After the funeral, the immediate family accompanied Susumu to the modern municipal crematorium, miles out of town. The atmosphere there was rather like a large and sombre air terminal. Everyone was dressed in black, each group huddled around the photo of the beloved deceased. The airport analogy was rather grossly underlined by a large electronic notice board which announced names, room numbers, and “departure times”.

There was a final farewell before the furnace doors closed on the coffin, and then a forty minute wait. We were called back to greet the trolley bearing Susumu’s remains which had been wheeled out of the furnace.
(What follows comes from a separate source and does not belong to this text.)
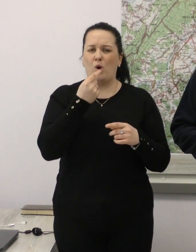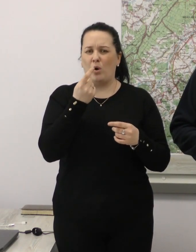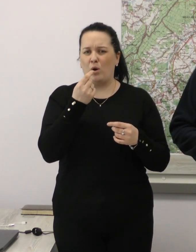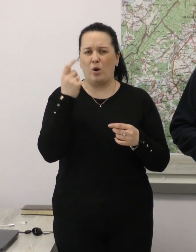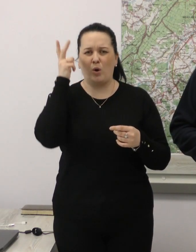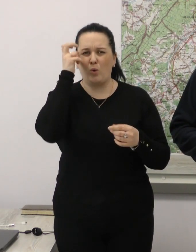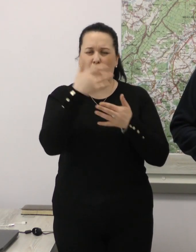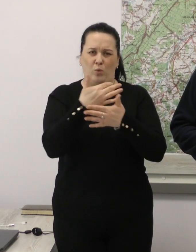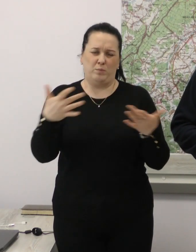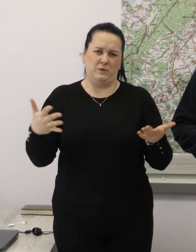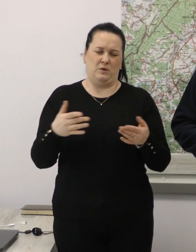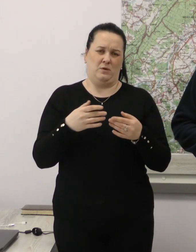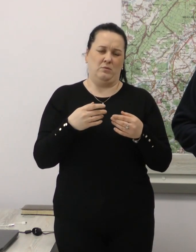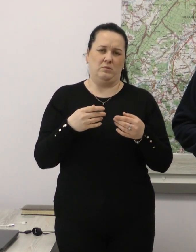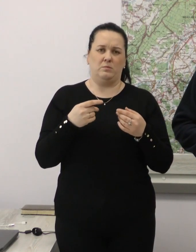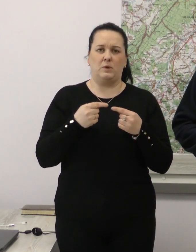тощо.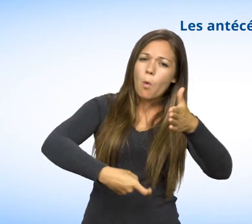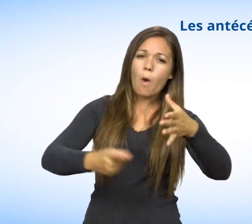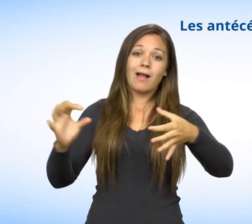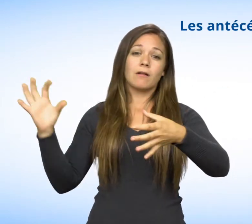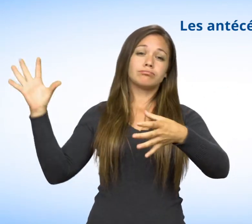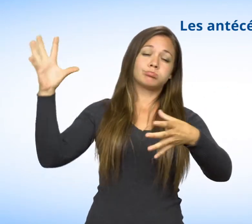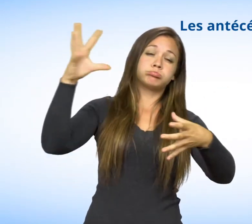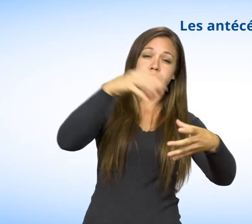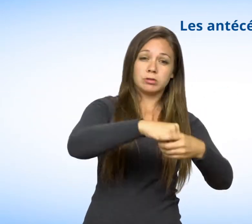judiciaires d'une personne.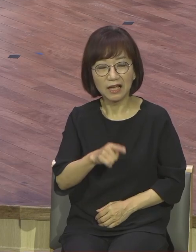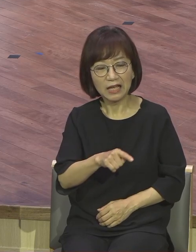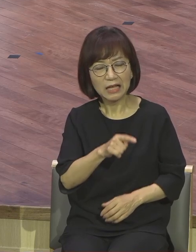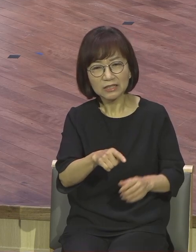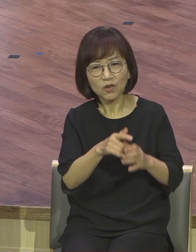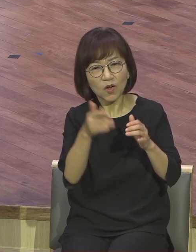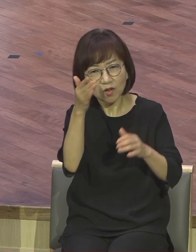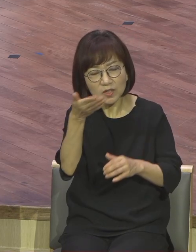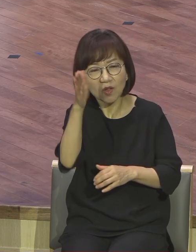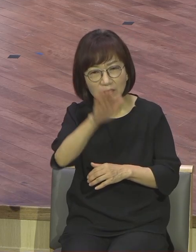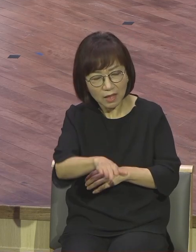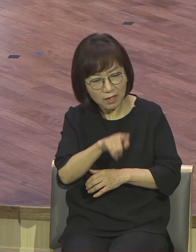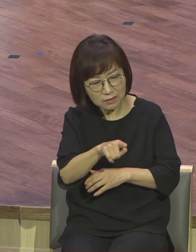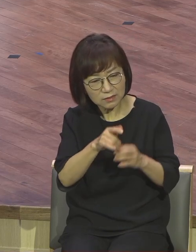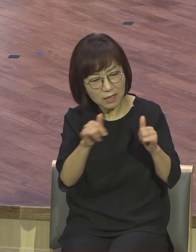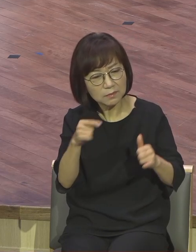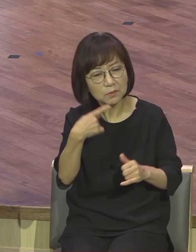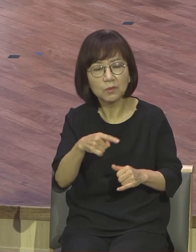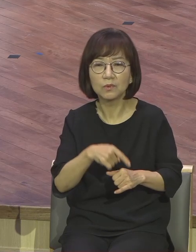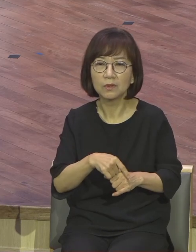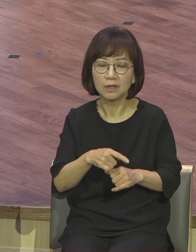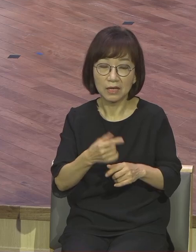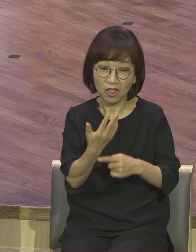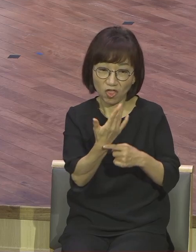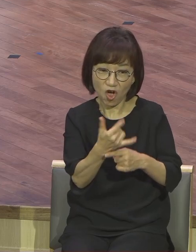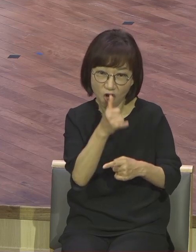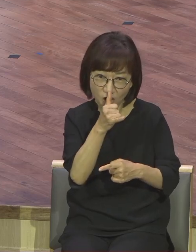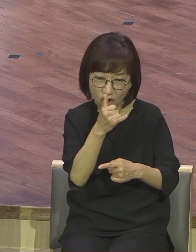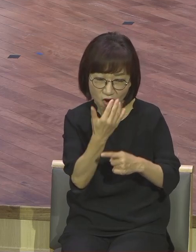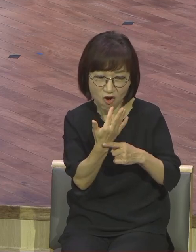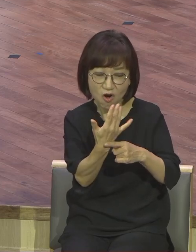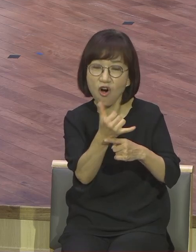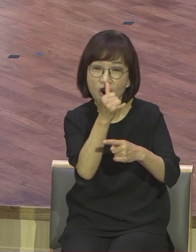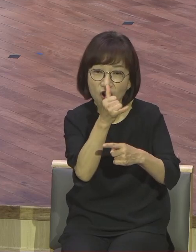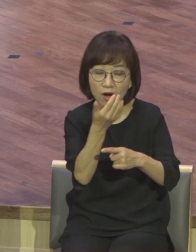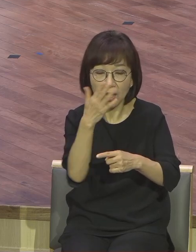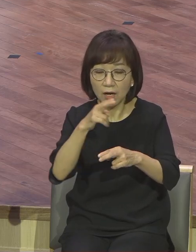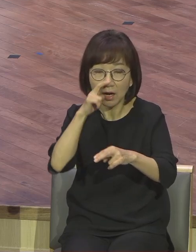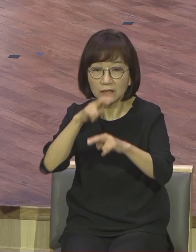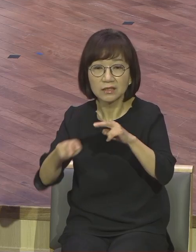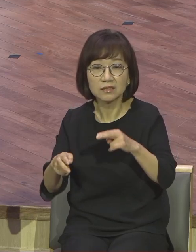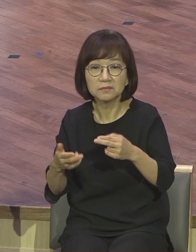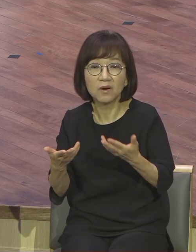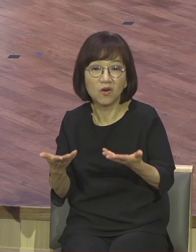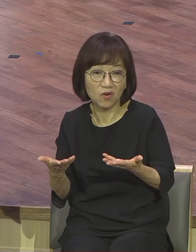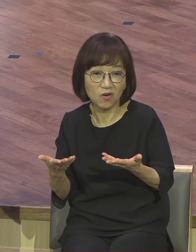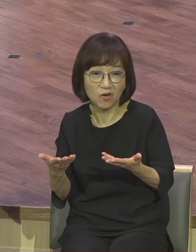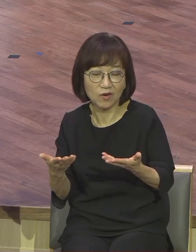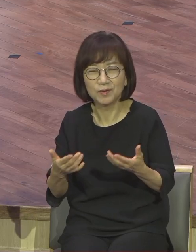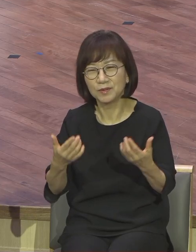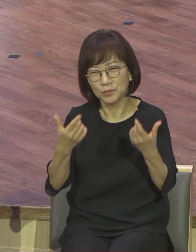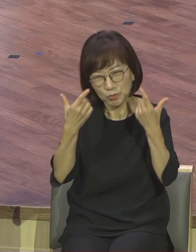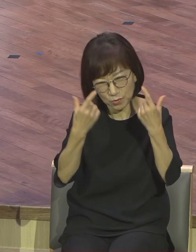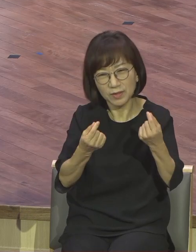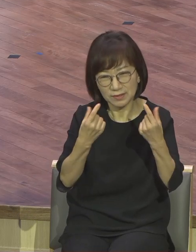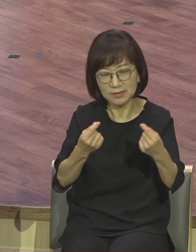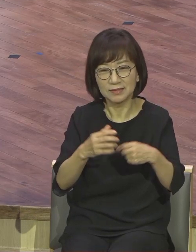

The family gathered around, and each took turns at picking up small bits of chalky bone with long metal chopsticks and placing them carefully into a small ceramic urn. I had heard of this from my friend Alan, the veteran of a number of family funerals, but was surprised at how natural it all seemed.

Now Susumu really had gone, and he would be given a new name to match his new status as a hotoke-sama [仏様/Buddha]. Now the elaborate cycle of remembrance dictated by Buddhist practice could begin. For the next fifty years there would be periodic services and family gatherings in memory of the old man, just as there was for Y’s mother, and for her four brothers.

Susumu’s room at the corner of the house looked darker than it had ever been when we arrived home. We threw salt over our shoulders as we came into the house so that we would not be dragged off too quickly to join Susumu in the other world, where, we imagined, he was comparing notes with my own father.